Although the present study has shown that heat shock protein expression was associated with infarct reduction, the cause-and-effect relationship will be determined in our future study by selectively blocking Hsp expression and showing that the effect of infarct volume is also blocked. In order to maintain our focus on the neuroprotective effects of forced exercise versus voluntary exercise, Hsp 27 and Hsp 70 expressions were measured in both exercise groups, but not in the restraint and electric shock groups. The stress models were designed to eliminate the stress component from the treadmill exercise group. The electric shock group was specifically designed to eliminate the stress variable in the treadmill group and the restraint group was designed as a stress control. In addition, as previous studies [4, 14, 15] suggested, exercise-induced neuroprotection may involve multiple pathways; the key role of Hsp expression as well as its interactions with other molecular pathway will be further investigated in our future study.
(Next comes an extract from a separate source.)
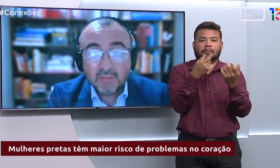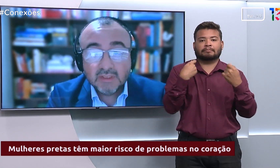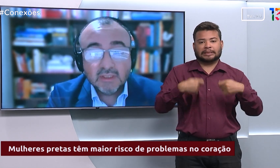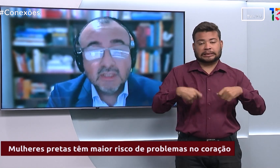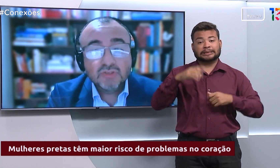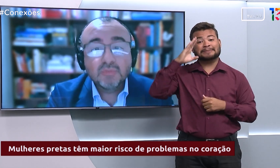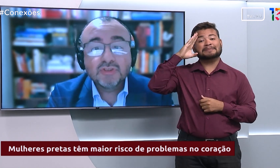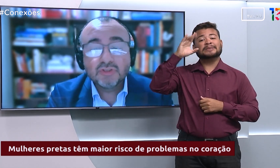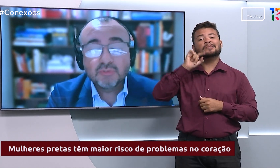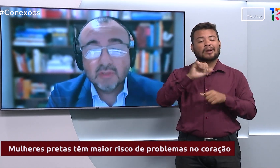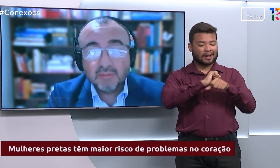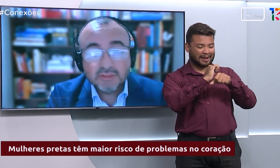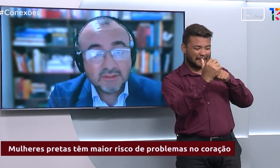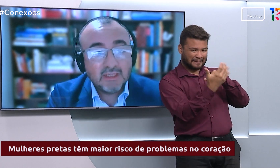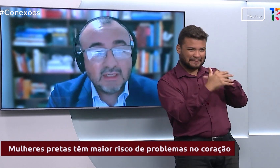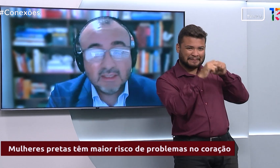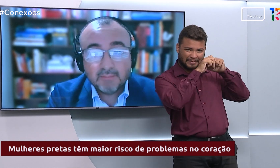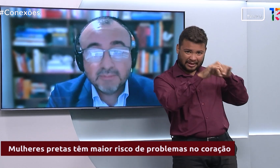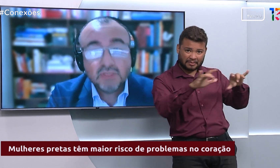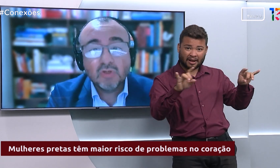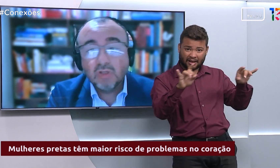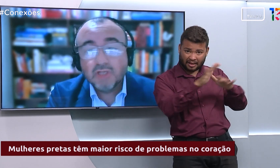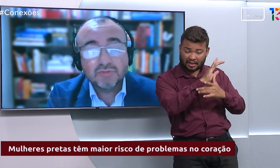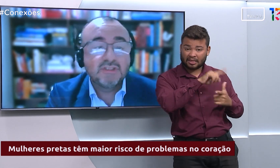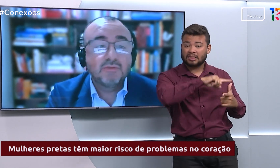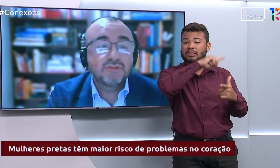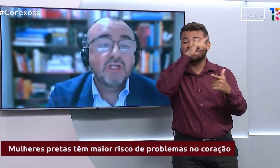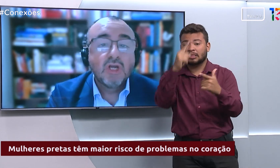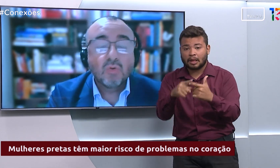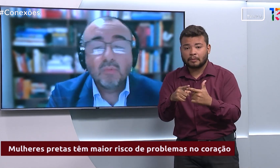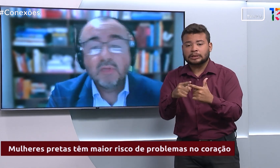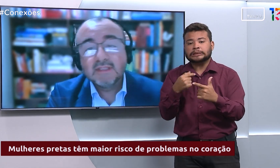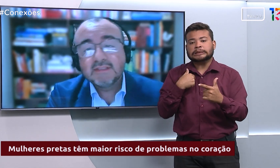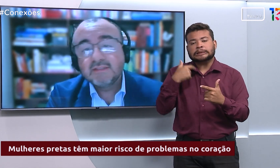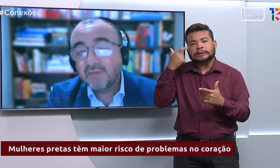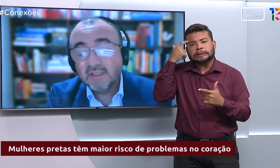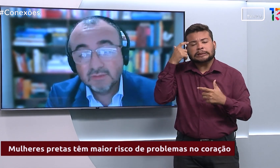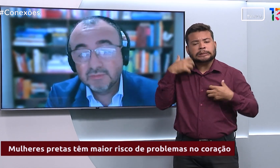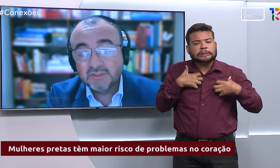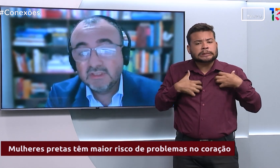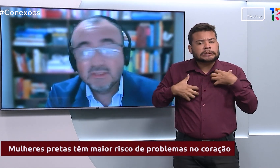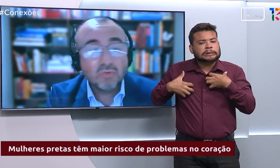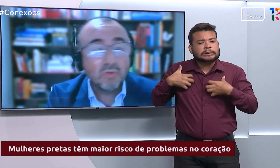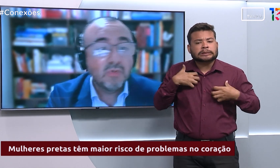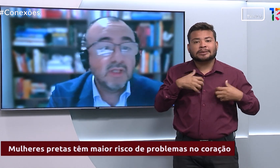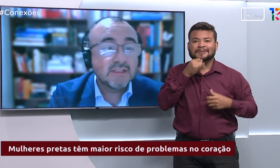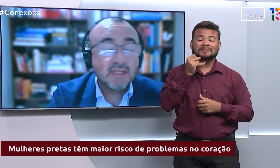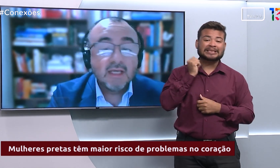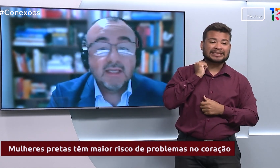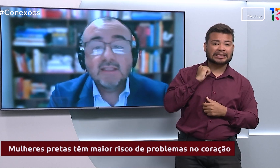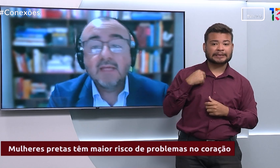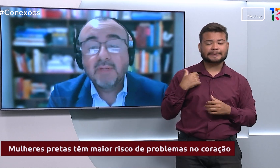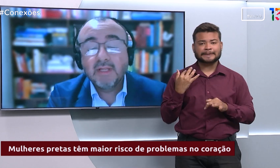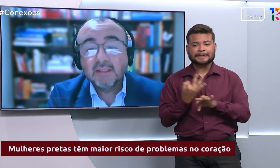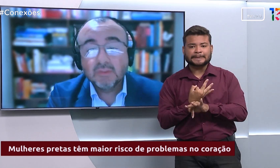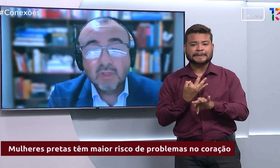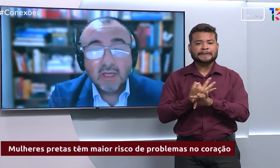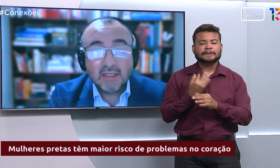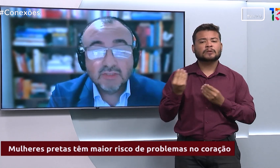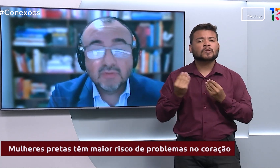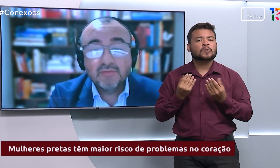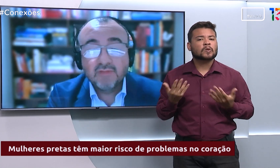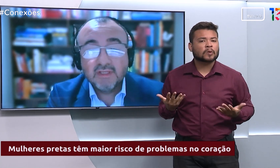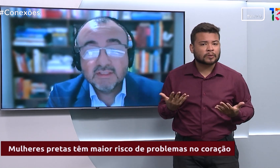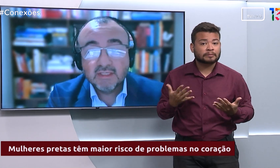pandemia, sobre os seus problemas psicológicos de saúde. Como elas enfrentam o estresse? Como elas interpretam

Taken together, the results in the present study suggest that exercise with a stressful component, rather than either voluntary exercise or stress alone, is better able to induce neuroprotection and reduce brain infarct volume after stroke. Although, further studies are needed to confirm protein expression and functional sites, our study suggests that this exercise-induced neuroprotection is attributable to up-regulation of stress-induced heat shock proteins 27 and 70.